1 Mayıs Emek ve Dayanışma Günü'nü, kutsal üç ayların başlangıcını ve Regaip Kandili'ni aynı mesaj içinde kutlayabiliyorsunuz.

Peygamber Efendimiz bir hadisi şerifinde "İşçinin hakkını alın teri kurumadan verin" buyurmuştur. Yeryüzünde işçi haklarını İslamiyet'ten daha iyi savunan bir düşünce yapısı yoktur.

İşçi hakları konusunda muhafazakâr hükümetlerin eleştirilmesine ne diyorsunuz? Yeni maden kazalarında işçiler can verdi örneğin...
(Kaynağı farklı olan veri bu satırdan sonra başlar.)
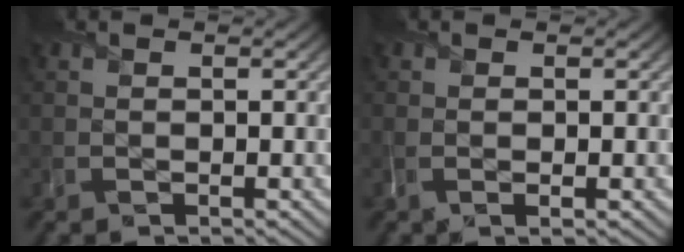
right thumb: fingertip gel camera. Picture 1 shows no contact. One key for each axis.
{"total": 0.7, "fx": -0.1, "fy": 0.2, "fz": 0.6, "tx": -0.015, "ty": -0.002, "tz": -0.004}
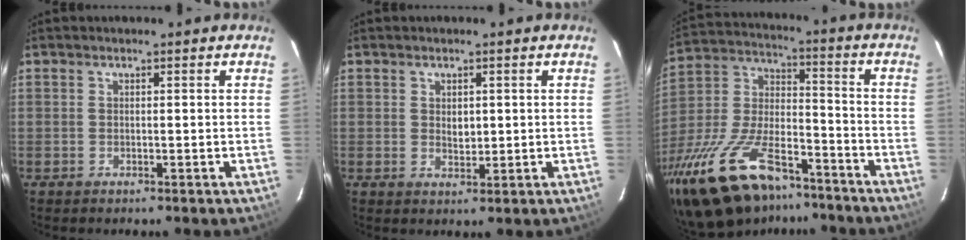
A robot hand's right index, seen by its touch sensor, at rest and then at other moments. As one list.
[{"total": 2.5, "force": [0.4, 1.7, 1.8], "torque": [-0.027, 0.000, 0.009]}, {"total": 26.8, "force": [-18.7, 11.3, 15.5], "torque": [-0.320, -0.018, -0.306]}]
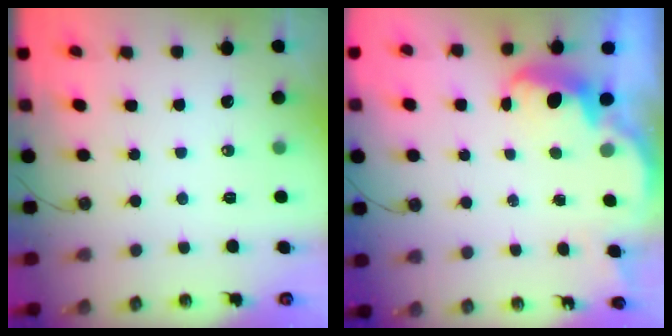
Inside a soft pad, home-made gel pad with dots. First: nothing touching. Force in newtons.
{"total": 2.4, "press": 2.4, "slide": 0.6}
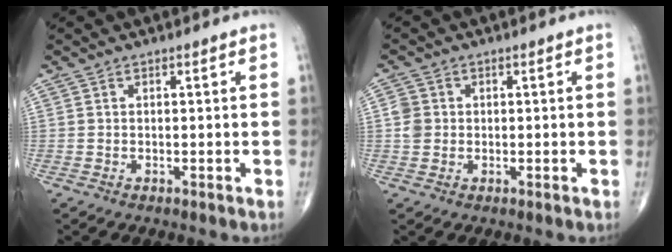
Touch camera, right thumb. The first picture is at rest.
{"total": 3.1, "force": [0.2, 2.8, 1.2], "torque": [-0.011, 0.003, 0.004]}
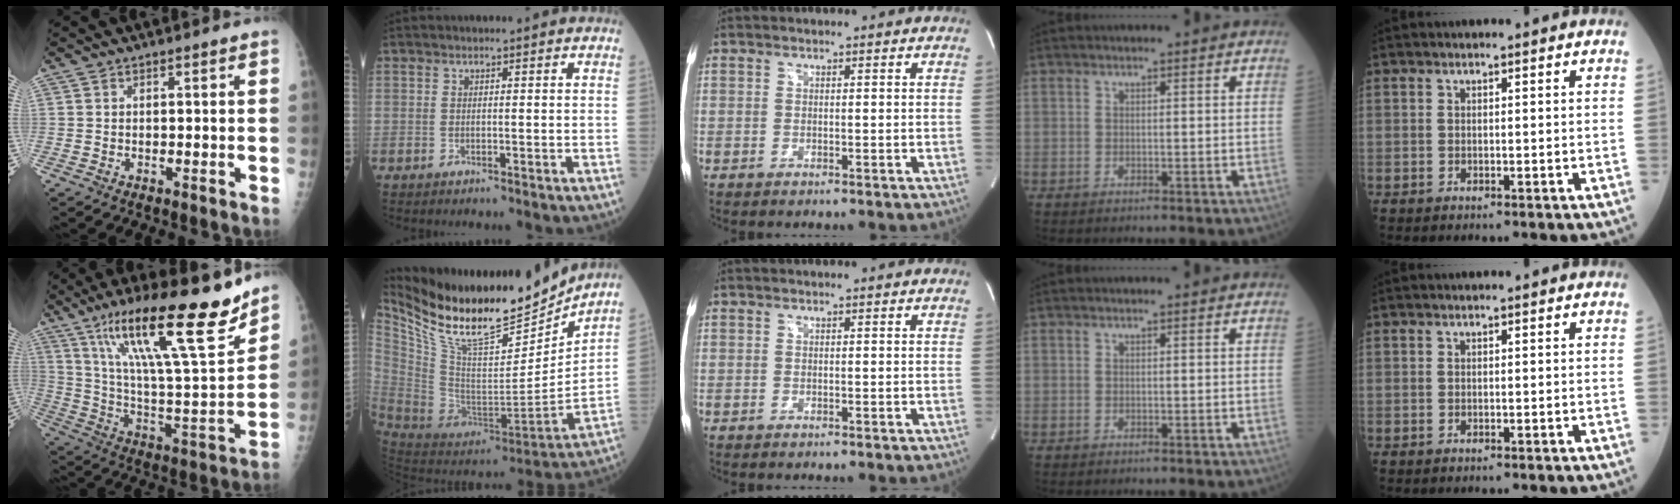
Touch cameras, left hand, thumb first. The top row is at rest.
{"thumb": {"total": 26.2, "force": [17.3, 4.7, 19.1], "torque": [-0.299, -0.064, 0.293]}, "index": {"total": 23.7, "force": [20.2, 5.2, 11.2], "torque": [-0.211, -0.025, 0.348]}}
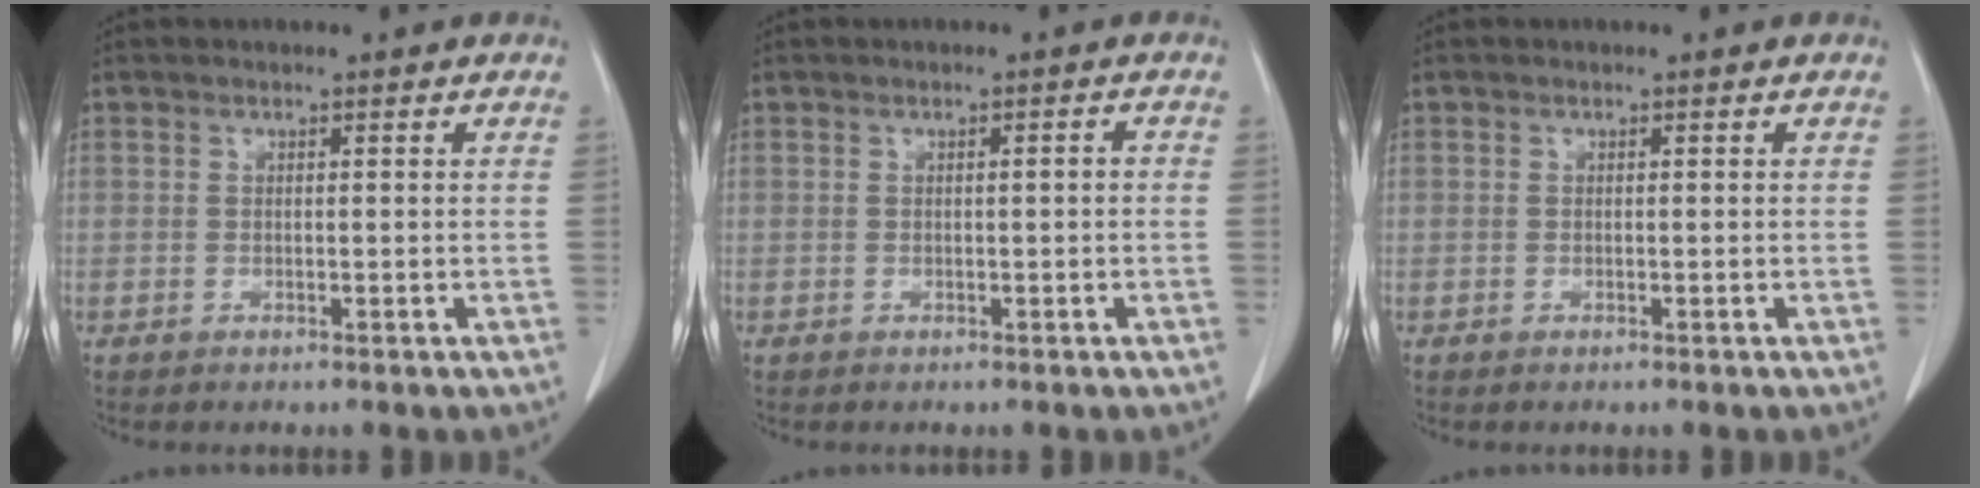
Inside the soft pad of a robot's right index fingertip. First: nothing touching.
{"total": 0.9, "force": [-0.1, 0.1, 0.9], "torque": [-0.013, 0.002, 0.000]}
{"total": 0.0}
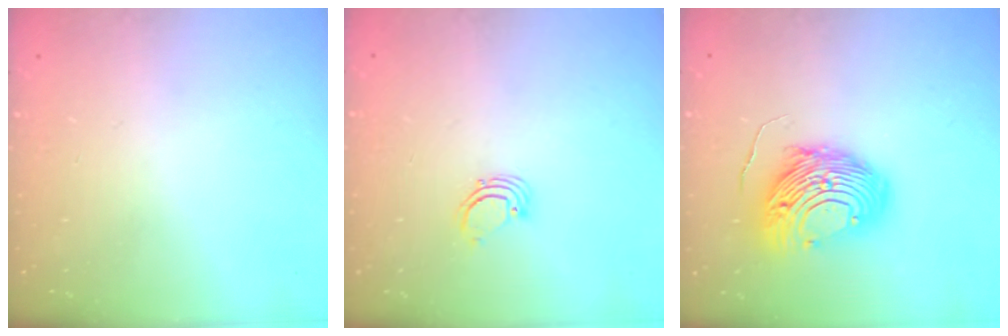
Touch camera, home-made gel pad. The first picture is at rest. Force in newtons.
{"total": 2.2, "press": 2.2, "slide": 0.2}
{"total": 13.1, "press": 13.0, "slide": 1.2}
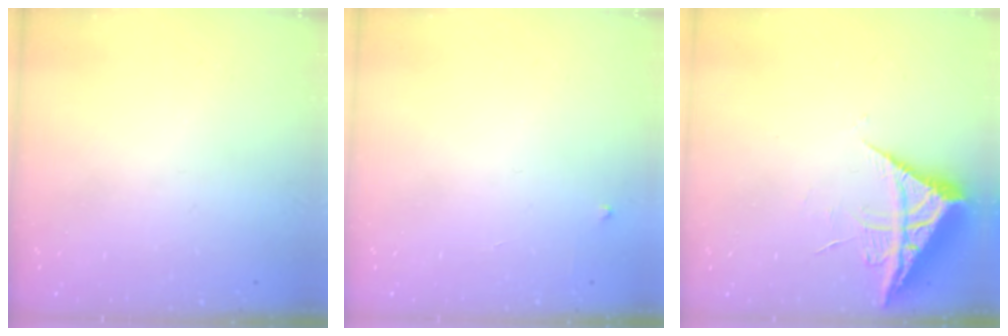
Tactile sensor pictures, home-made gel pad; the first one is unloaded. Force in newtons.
{"total": 2.3, "press": 2.3, "slide": 0.3}
{"total": 7.6, "press": 7.6, "slide": 0.5}
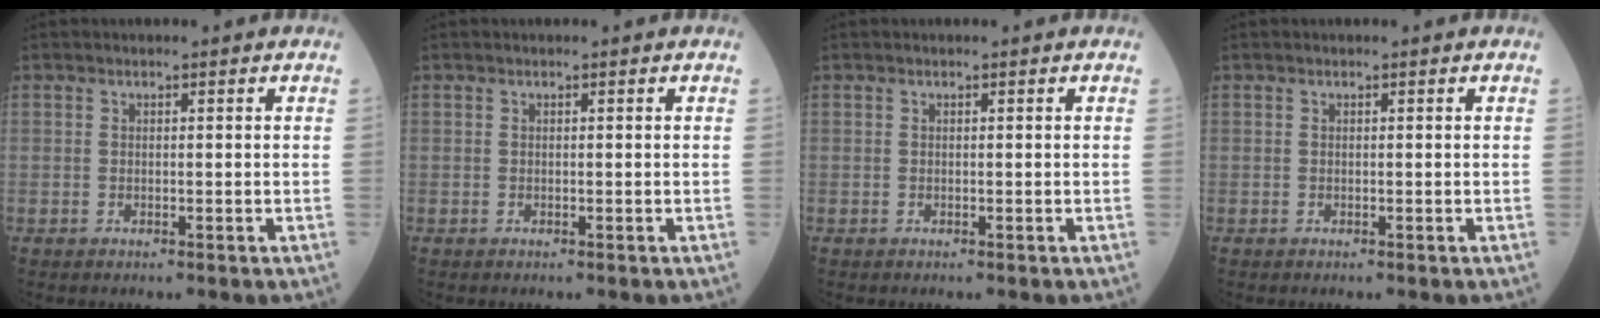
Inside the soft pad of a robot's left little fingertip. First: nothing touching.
{"total": 0.0}
{"total": 0.0}
{"total": 0.0}
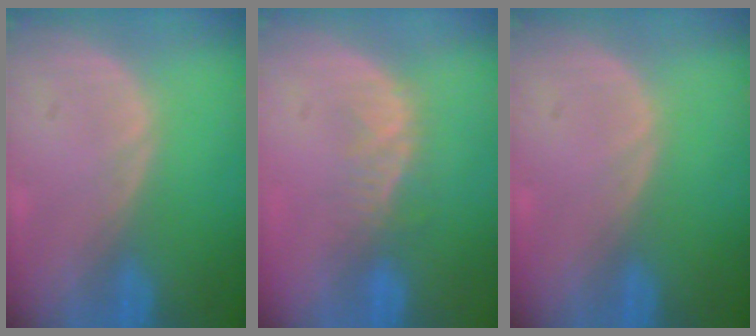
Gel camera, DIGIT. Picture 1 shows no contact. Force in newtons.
{"total": 3.4, "press": 3.0, "slide": 1.6}
{"total": 0.0}
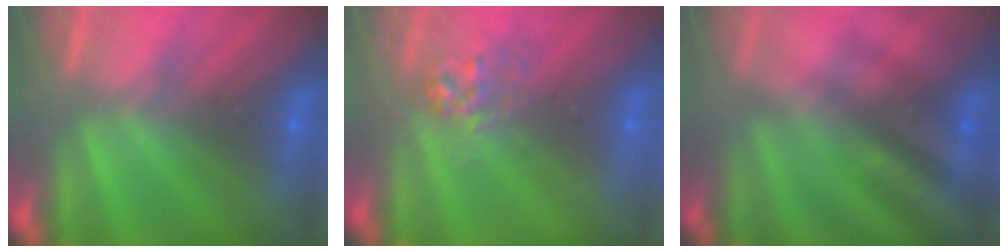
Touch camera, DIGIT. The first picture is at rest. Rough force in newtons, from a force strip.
{"total": 2.7}
{"total": 2.4}
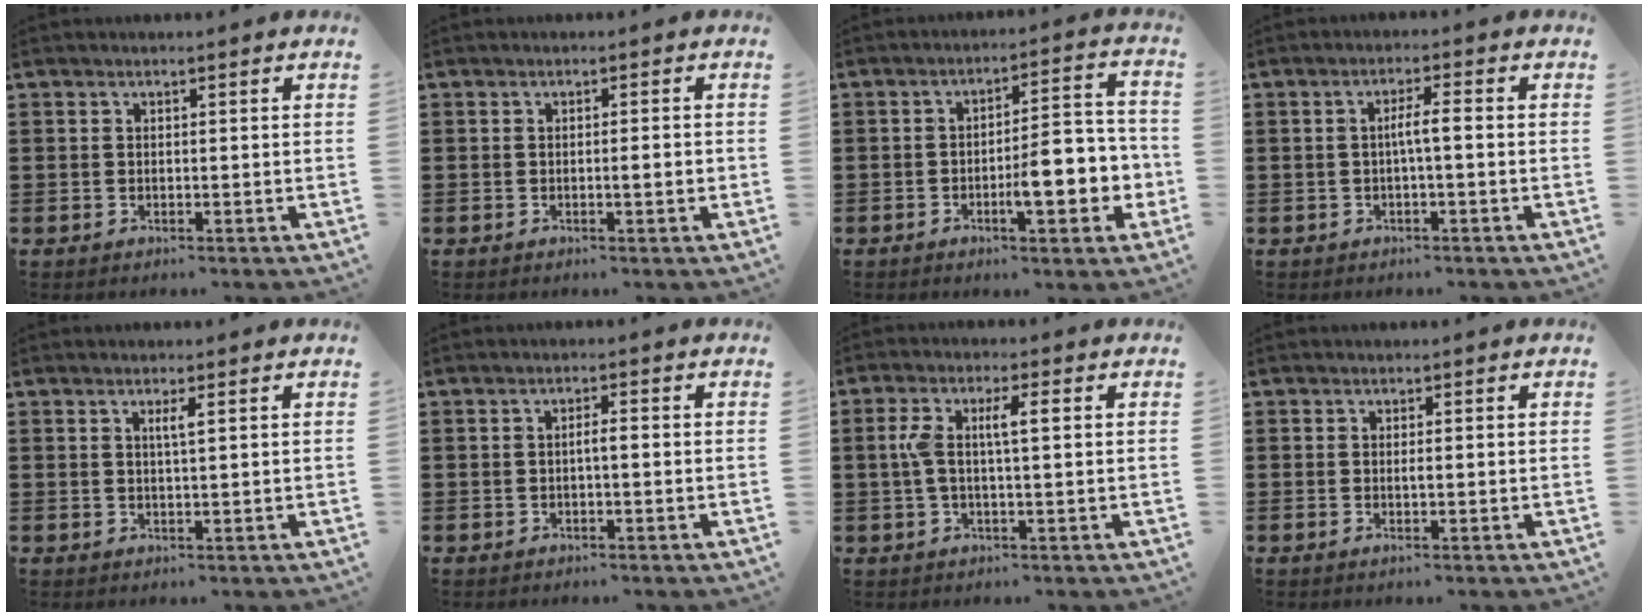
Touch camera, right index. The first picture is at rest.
{"total": 1.7, "force": [-0.3, 0.2, 1.7], "torque": [-0.029, -0.004, -0.005]}
{"total": 8.5, "force": [-2.6, 2.9, 7.6], "torque": [-0.098, -0.004, -0.045]}
{"total": 2.7, "force": [-0.4, 0.2, 2.7], "torque": [-0.052, 0.000, -0.010]}
{"total": 1.6, "force": [0.6, 0.0, 1.5], "torque": [-0.030, -0.001, 0.008]}
{"total": 1.4, "force": [-0.3, 0.2, 1.4], "torque": [-0.026, 0.001, -0.007]}
{"total": 5.1, "force": [0.6, 1.4, 4.9], "torque": [-0.109, 0.001, 0.001]}
{"total": 0.7, "force": [-0.1, 0.0, 0.7], "torque": [-0.015, -0.006, 0.000]}
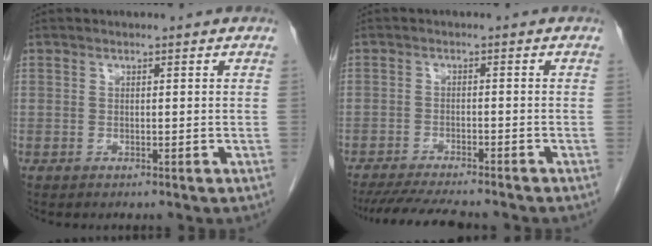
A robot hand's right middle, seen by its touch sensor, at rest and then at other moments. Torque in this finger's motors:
{"motor_torque": [0.52, -0.44, 0.06, 0.05]}
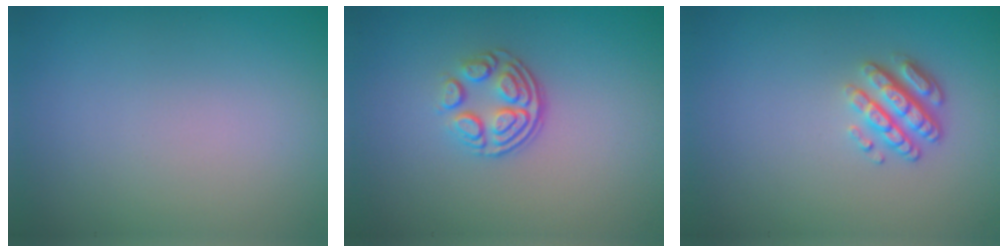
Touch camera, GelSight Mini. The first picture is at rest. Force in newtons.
{"total": 3.5, "press": 2.5, "slide": 2.4}
{"total": 2.9, "press": 2.4, "slide": 1.7}
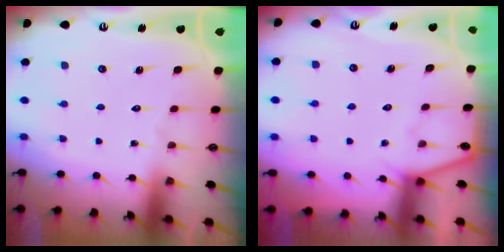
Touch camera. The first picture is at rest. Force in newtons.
{"total": 4.0, "press": 3.9, "slide": 0.4}
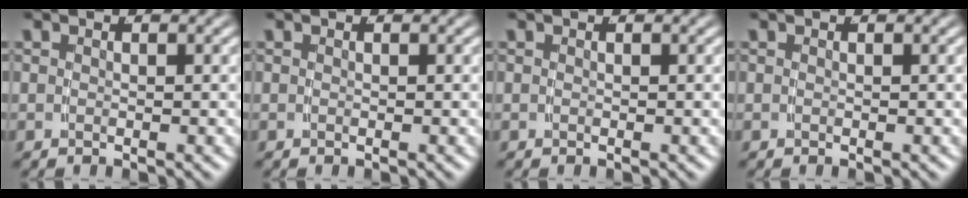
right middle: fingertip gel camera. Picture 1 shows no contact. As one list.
[{"total": 0.0}, {"total": 0.0}, {"total": 0.0}]
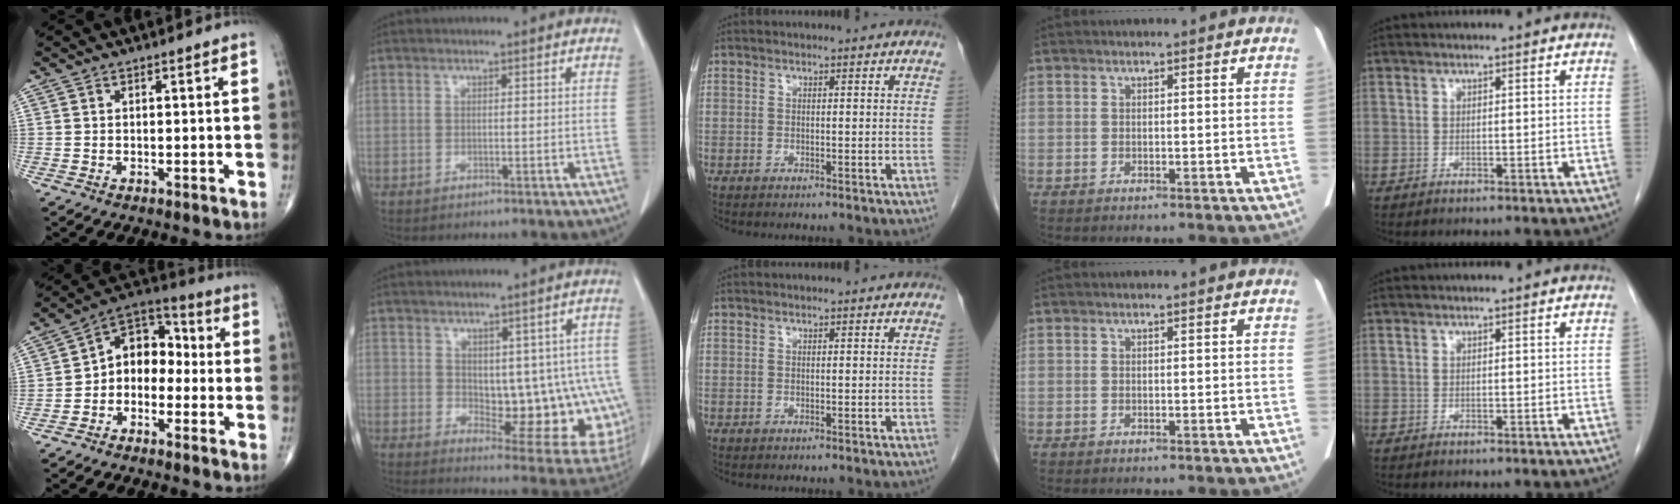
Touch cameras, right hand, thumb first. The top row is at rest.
{"thumb": {"total": 10.0, "force": [-1.5, 7.5, 6.5], "torque": [-0.065, 0.048, -0.047]}, "index": {"total": 14.0, "force": [-0.2, 6.9, 12.1], "torque": [-0.118, 0.004, 0.019]}}
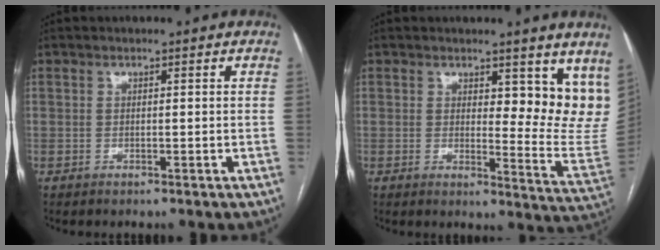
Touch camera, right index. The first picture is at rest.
{"total": 10.7, "force": [7.4, 3.7, 6.8], "torque": [-0.063, -0.036, 0.076]}
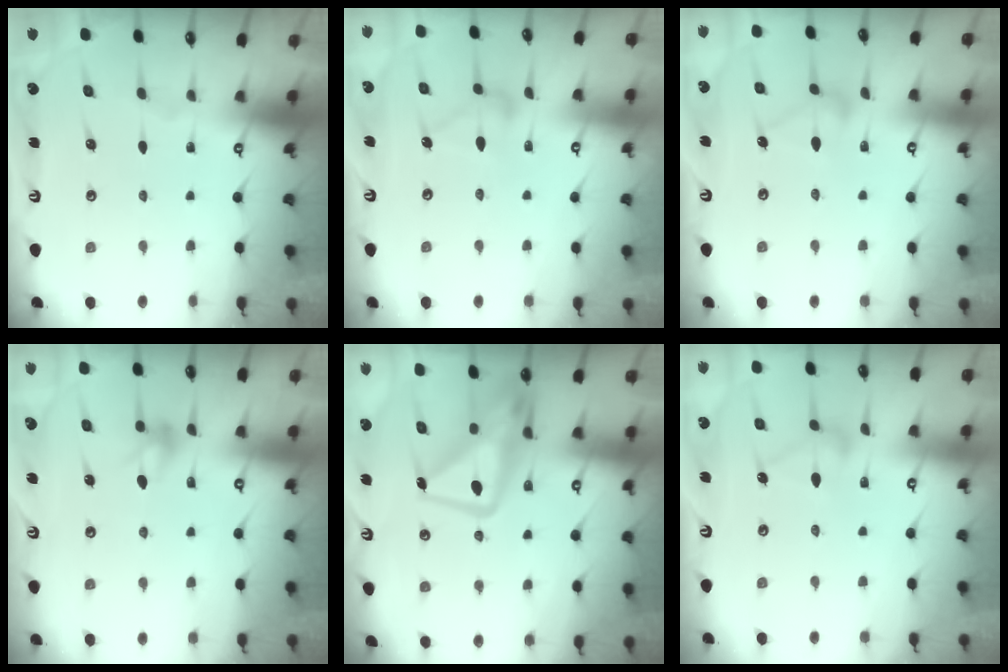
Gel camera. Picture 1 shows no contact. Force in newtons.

Ben kendi adıma konuşuyorum, muhafazakâr hükümetler adına konuşmuyorum. Patronların işçilerin kanı ve canı üzerinden para kazanmasını şiddetle kınıyorum.

 

‘Ne sağcıyım, ne solcuyum; sadece İslamcıyım!’

 

Sağdan çok sola yakın olduğunuzu söyleyebilir miyiz?

Batılı bölümlemeye göre yapılan tanımlarla konuşuyoruz. Buna göre solun beni sağdan daha çok okuduğunu söyleyebilirim. Aynı bölümlemeye göre anamalcılıkla özdeşleştirilen sağın beni kendine yakın görmemesinden ancak onur duyarım.

Peki, siz kendinizi sola ya da sağa yakın konumlandırıyor musunuz?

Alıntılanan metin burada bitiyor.